→ **Task details**: Could you reproduce, word for word, everything below from the line containing "#324=VERTEX_POINT('',#323);" down to the line containing "#412=CARTESIAN_POINT('',(-9.482,9.8,0.58));", with both of those lines included and no others?

--- Data in this exercise ---

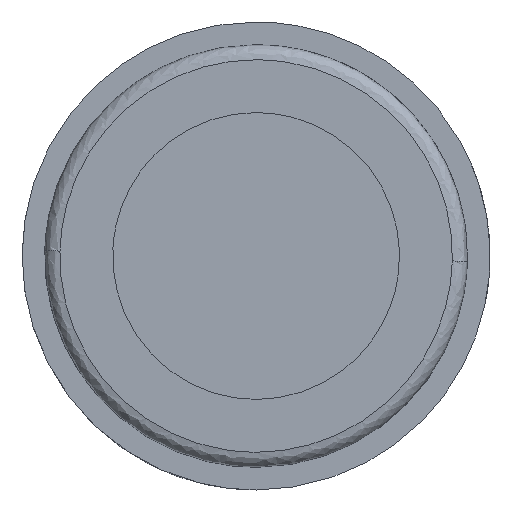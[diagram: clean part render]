
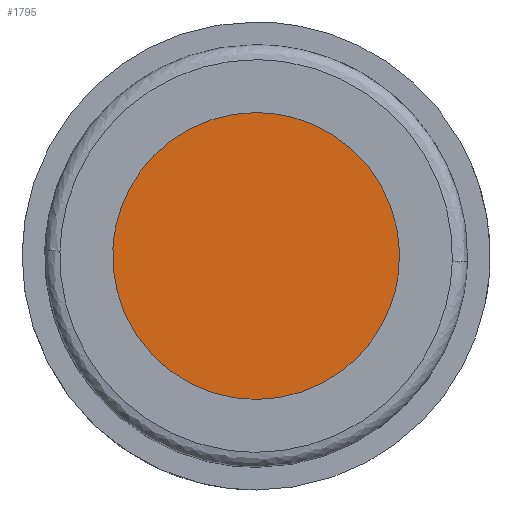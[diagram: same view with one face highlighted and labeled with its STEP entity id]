
A CAD part, front view. The second image highlights one B-rep face of the part: STEP entity #1795.
In plain terms, the highlighted free-form (B-spline) face has degree [1, 1] with [2, 2] control points.
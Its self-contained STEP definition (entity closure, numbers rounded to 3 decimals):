
#316=CARTESIAN_POINT('',(-9.482,9.8,0.58));
#317=VERTEX_POINT('',#316);
#323=CARTESIAN_POINT('',(0.0,9.8,9.5));
#324=VERTEX_POINT('',#323);
#325=CARTESIAN_POINT('',(0.0,9.8,9.5));
#326=CARTESIAN_POINT('',(-8.937,9.8,9.5));
#327=CARTESIAN_POINT('',(-9.482,9.8,0.58));
#335=(BOUNDED_CURVE()B_SPLINE_CURVE(2,(#325,#326,#327),.UNSPECIFIED.,.F.,.U.)B_SPLINE_CURVE_WITH_KNOTS((3,3),(0.5,0.739),.UNSPECIFIED.)CURVE()GEOMETRIC_REPRESENTATION_ITEM()RATIONAL_B_SPLINE_CURVE((1.0,0.72,0.976))REPRESENTATION_ITEM(''));
#336=EDGE_CURVE('',#324,#317,#335,.T.);
#338=CARTESIAN_POINT('',(9.434,9.8,-1.121));
#339=VERTEX_POINT('',#338);
#340=CARTESIAN_POINT('',(9.434,9.8,-1.121));
#341=CARTESIAN_POINT('',(9.5,9.8,-0.563));
#342=CARTESIAN_POINT('',(9.5,9.8,0.));
#343=CARTESIAN_POINT('',(9.5,9.8,9.5));
#344=CARTESIAN_POINT('',(0.0,9.8,9.5));
#352=(BOUNDED_CURVE()B_SPLINE_CURVE(2,(#340,#341,#342,#343,#344),.UNSPECIFIED.,.F.,.U.)B_SPLINE_CURVE_WITH_KNOTS((3,2,3),(0.23,0.25,0.5),.UNSPECIFIED.)CURVE()GEOMETRIC_REPRESENTATION_ITEM()RATIONAL_B_SPLINE_CURVE((0.956,0.976,1.0,0.707,1.0))REPRESENTATION_ITEM(''));
#353=EDGE_CURVE('',#339,#324,#352,.T.);
#397=CARTESIAN_POINT('',(0.0,9.8,-9.5));
#398=VERTEX_POINT('',#397);
#399=CARTESIAN_POINT('',(0.0,9.8,-9.5));
#400=CARTESIAN_POINT('',(8.438,9.8,-9.5));
#401=CARTESIAN_POINT('',(9.434,9.8,-1.121));
#409=(BOUNDED_CURVE()B_SPLINE_CURVE(2,(#399,#400,#401),.UNSPECIFIED.,.F.,.U.)B_SPLINE_CURVE_WITH_KNOTS((3,3),(0.0,0.23),.UNSPECIFIED.)CURVE()GEOMETRIC_REPRESENTATION_ITEM()RATIONAL_B_SPLINE_CURVE((1.0,0.731,0.956))REPRESENTATION_ITEM(''));
#410=EDGE_CURVE('',#398,#339,#409,.T.);
#412=CARTESIAN_POINT('',(-9.482,9.8,0.58));
#413=CARTESIAN_POINT('',(-9.5,9.8,0.29));
#414=CARTESIAN_POINT('',(-9.5,9.8,0.));
#415=CARTESIAN_POINT('',(-9.5,9.8,-9.5));
#416=CARTESIAN_POINT('',(0.0,9.8,-9.5));
#424=(BOUNDED_CURVE()B_SPLINE_CURVE(2,(#412,#413,#414,#415,#416),.UNSPECIFIED.,.F.,.U.)B_SPLINE_CURVE_WITH_KNOTS((3,2,3),(0.739,0.75,1.0),.UNSPECIFIED.)CURVE()GEOMETRIC_REPRESENTATION_ITEM()RATIONAL_B_SPLINE_CURVE((0.976,0.988,1.0,0.707,1.0))REPRESENTATION_ITEM(''));
#425=EDGE_CURVE('',#317,#398,#424,.T.);
#1784=CARTESIAN_POINT('',(-10.449,9.8,10.449));
#1785=CARTESIAN_POINT('',(-10.449,9.8,-10.449));
#1786=CARTESIAN_POINT('',(10.449,9.8,10.449));
#1787=CARTESIAN_POINT('',(10.449,9.8,-10.449));
#1788=B_SPLINE_SURFACE_WITH_KNOTS('',1,1,((#1784,#1786),(#1785,#1787)),.UNSPECIFIED.,.F.,.F.,.U.,(2,2),(2,2),(0.0,20.898),(0.0,20.898),.UNSPECIFIED.);
#1789=ORIENTED_EDGE('',*,*,#410,.T.);
#1790=ORIENTED_EDGE('',*,*,#353,.T.);
#1791=ORIENTED_EDGE('',*,*,#336,.T.);
#1792=ORIENTED_EDGE('',*,*,#425,.T.);
#1793=EDGE_LOOP('',(#1789,#1790,#1791,#1792));
#1794=FACE_OUTER_BOUND('',#1793,.T.);
#1795=ADVANCED_FACE('',(#1794),#1788,.T.);

---

→ **Response area**:
#324=VERTEX_POINT('',#323);
#325=CARTESIAN_POINT('',(0.0,9.8,9.5));
#326=CARTESIAN_POINT('',(-8.937,9.8,9.5));
#327=CARTESIAN_POINT('',(-9.482,9.8,0.58));
#335=(BOUNDED_CURVE()B_SPLINE_CURVE(2,(#325,#326,#327),.UNSPECIFIED.,.F.,.U.)B_SPLINE_CURVE_WITH_KNOTS((3,3),(0.5,0.739),.UNSPECIFIED.)CURVE()GEOMETRIC_REPRESENTATION_ITEM()RATIONAL_B_SPLINE_CURVE((1.0,0.72,0.976))REPRESENTATION_ITEM(''));
#336=EDGE_CURVE('',#324,#317,#335,.T.);
#338=CARTESIAN_POINT('',(9.434,9.8,-1.121));
#339=VERTEX_POINT('',#338);
#340=CARTESIAN_POINT('',(9.434,9.8,-1.121));
#341=CARTESIAN_POINT('',(9.5,9.8,-0.563));
#342=CARTESIAN_POINT('',(9.5,9.8,0.));
#343=CARTESIAN_POINT('',(9.5,9.8,9.5));
#344=CARTESIAN_POINT('',(0.0,9.8,9.5));
#352=(BOUNDED_CURVE()B_SPLINE_CURVE(2,(#340,#341,#342,#343,#344),.UNSPECIFIED.,.F.,.U.)B_SPLINE_CURVE_WITH_KNOTS((3,2,3),(0.23,0.25,0.5),.UNSPECIFIED.)CURVE()GEOMETRIC_REPRESENTATION_ITEM()RATIONAL_B_SPLINE_CURVE((0.956,0.976,1.0,0.707,1.0))REPRESENTATION_ITEM(''));
#353=EDGE_CURVE('',#339,#324,#352,.T.);
#397=CARTESIAN_POINT('',(0.0,9.8,-9.5));
#398=VERTEX_POINT('',#397);
#399=CARTESIAN_POINT('',(0.0,9.8,-9.5));
#400=CARTESIAN_POINT('',(8.438,9.8,-9.5));
#401=CARTESIAN_POINT('',(9.434,9.8,-1.121));
#409=(BOUNDED_CURVE()B_SPLINE_CURVE(2,(#399,#400,#401),.UNSPECIFIED.,.F.,.U.)B_SPLINE_CURVE_WITH_KNOTS((3,3),(0.0,0.23),.UNSPECIFIED.)CURVE()GEOMETRIC_REPRESENTATION_ITEM()RATIONAL_B_SPLINE_CURVE((1.0,0.731,0.956))REPRESENTATION_ITEM(''));
#410=EDGE_CURVE('',#398,#339,#409,.T.);
#412=CARTESIAN_POINT('',(-9.482,9.8,0.58));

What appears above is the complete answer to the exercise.